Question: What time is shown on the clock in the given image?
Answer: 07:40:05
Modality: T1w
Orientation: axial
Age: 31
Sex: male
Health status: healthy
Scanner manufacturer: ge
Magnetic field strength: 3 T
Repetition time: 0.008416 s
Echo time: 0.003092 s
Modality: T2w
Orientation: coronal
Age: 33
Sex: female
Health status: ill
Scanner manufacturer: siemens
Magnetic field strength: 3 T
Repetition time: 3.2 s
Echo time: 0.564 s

# # # # # # #

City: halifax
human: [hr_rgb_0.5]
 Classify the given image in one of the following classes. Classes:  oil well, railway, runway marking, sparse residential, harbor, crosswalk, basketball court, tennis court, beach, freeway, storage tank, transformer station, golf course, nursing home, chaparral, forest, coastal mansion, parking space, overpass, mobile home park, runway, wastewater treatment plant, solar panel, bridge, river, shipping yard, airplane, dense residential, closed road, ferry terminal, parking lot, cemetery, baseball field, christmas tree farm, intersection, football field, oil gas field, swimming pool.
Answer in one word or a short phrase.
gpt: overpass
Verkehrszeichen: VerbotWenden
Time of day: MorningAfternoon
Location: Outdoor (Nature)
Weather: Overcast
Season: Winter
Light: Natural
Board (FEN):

# # # # # # #

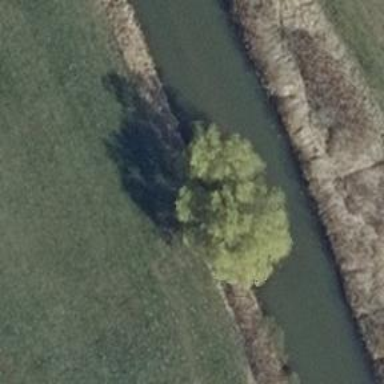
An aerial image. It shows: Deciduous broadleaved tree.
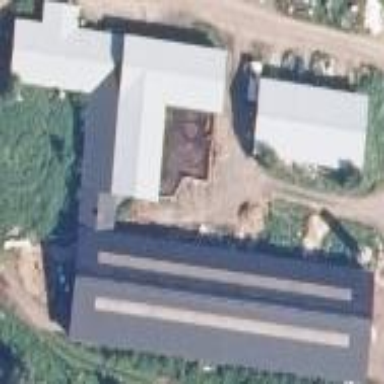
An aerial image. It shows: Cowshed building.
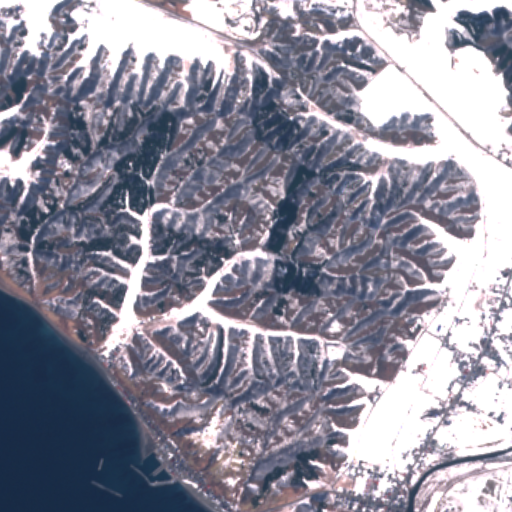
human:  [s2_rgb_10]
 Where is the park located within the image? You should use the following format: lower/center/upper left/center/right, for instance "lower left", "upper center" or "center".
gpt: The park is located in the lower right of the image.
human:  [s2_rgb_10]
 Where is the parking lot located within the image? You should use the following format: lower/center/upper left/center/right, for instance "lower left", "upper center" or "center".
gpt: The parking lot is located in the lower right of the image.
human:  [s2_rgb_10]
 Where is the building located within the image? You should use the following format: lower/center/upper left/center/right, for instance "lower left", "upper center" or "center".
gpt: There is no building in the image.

# # # # # # #

PROBLEM STATEMENT: Of all the entries above, retype exactly the lines from the line with "gpt: The parking" to the line with "gpt: There is no building in the image.", both included, and no others.

RESPONSE TO THE TASK:
gpt: The parking lot is located in the lower right of the image.
human:  [s2_rgb_10]
 Where is the building located within the image? You should use the following format: lower/center/upper left/center/right, for instance "lower left", "upper center" or "center".
gpt: There is no building in the image.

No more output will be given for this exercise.